:: What to do ::
Below are the records; tally the lines in them that include the word "category" and reply with the number alone.
BEGIN
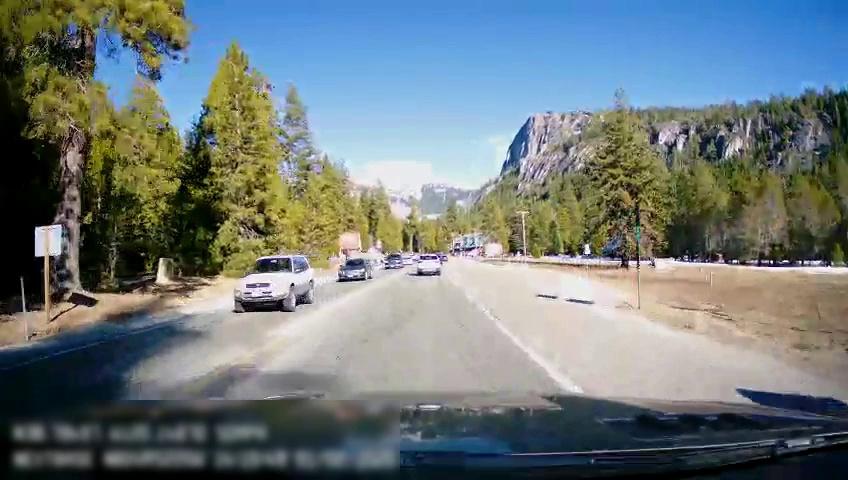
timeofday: Day
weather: Sunny
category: Drivable Space
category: Vehicles | SUV
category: Vehicles | Car
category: Vehicles | SUV
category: Vehicles | SUV
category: Lanes | Opposite Lane
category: Lanes | Current Lane
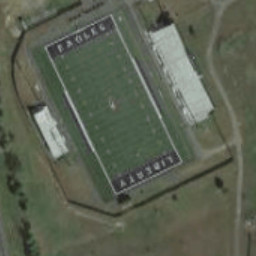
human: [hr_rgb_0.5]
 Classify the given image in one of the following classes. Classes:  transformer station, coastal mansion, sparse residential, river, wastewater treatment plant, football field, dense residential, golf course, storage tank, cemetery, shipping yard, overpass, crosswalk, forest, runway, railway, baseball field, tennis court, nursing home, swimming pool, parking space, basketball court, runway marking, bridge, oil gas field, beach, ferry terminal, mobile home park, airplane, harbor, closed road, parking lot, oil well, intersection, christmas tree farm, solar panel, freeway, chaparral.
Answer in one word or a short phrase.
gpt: football field
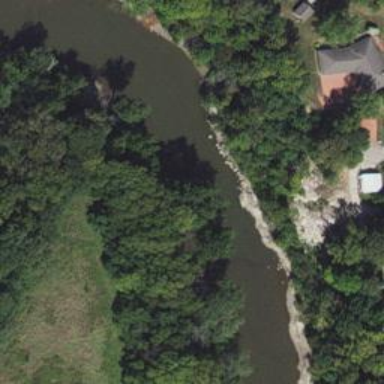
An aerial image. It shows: Beautiful view of river.
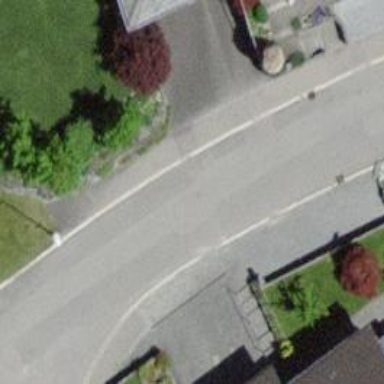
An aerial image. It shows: Residential road with asphalt surface and sidewalks on both sides.
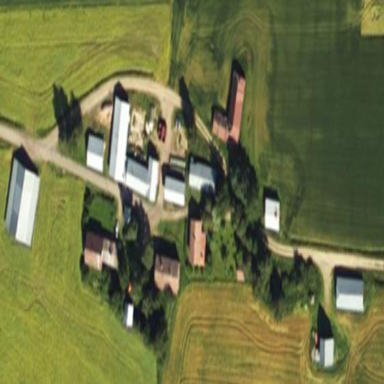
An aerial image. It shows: Farmyard area.
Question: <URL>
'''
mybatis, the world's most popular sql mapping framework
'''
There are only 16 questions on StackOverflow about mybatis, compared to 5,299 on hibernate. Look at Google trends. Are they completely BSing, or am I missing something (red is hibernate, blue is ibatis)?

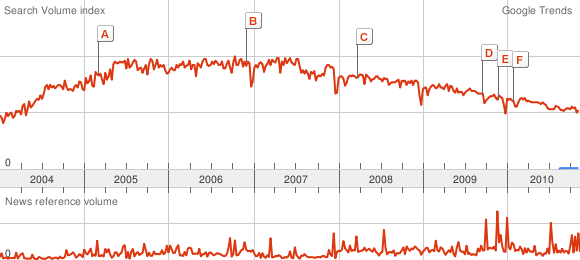
Answer: myBatis is a successor of iBatis, that's what they meant saying
> New home of the world's most popular SQL mapping framework
on their homepage. So, the name iBatis is more widely known, <URL> contains 204 questions.
Also, as mentioned by duffymo, it's not an ORM.
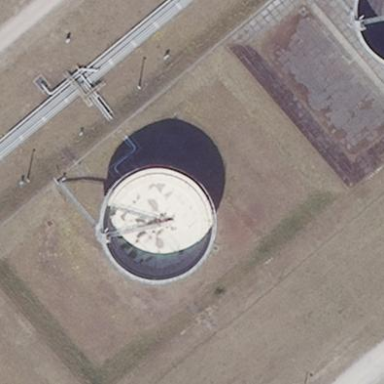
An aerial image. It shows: Storage tank created as man-made structure.
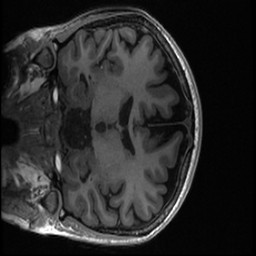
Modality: T1w
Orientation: coronal
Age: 18
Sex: female
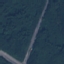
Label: Highway
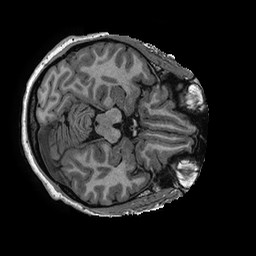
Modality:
END
:: Written answer ::
7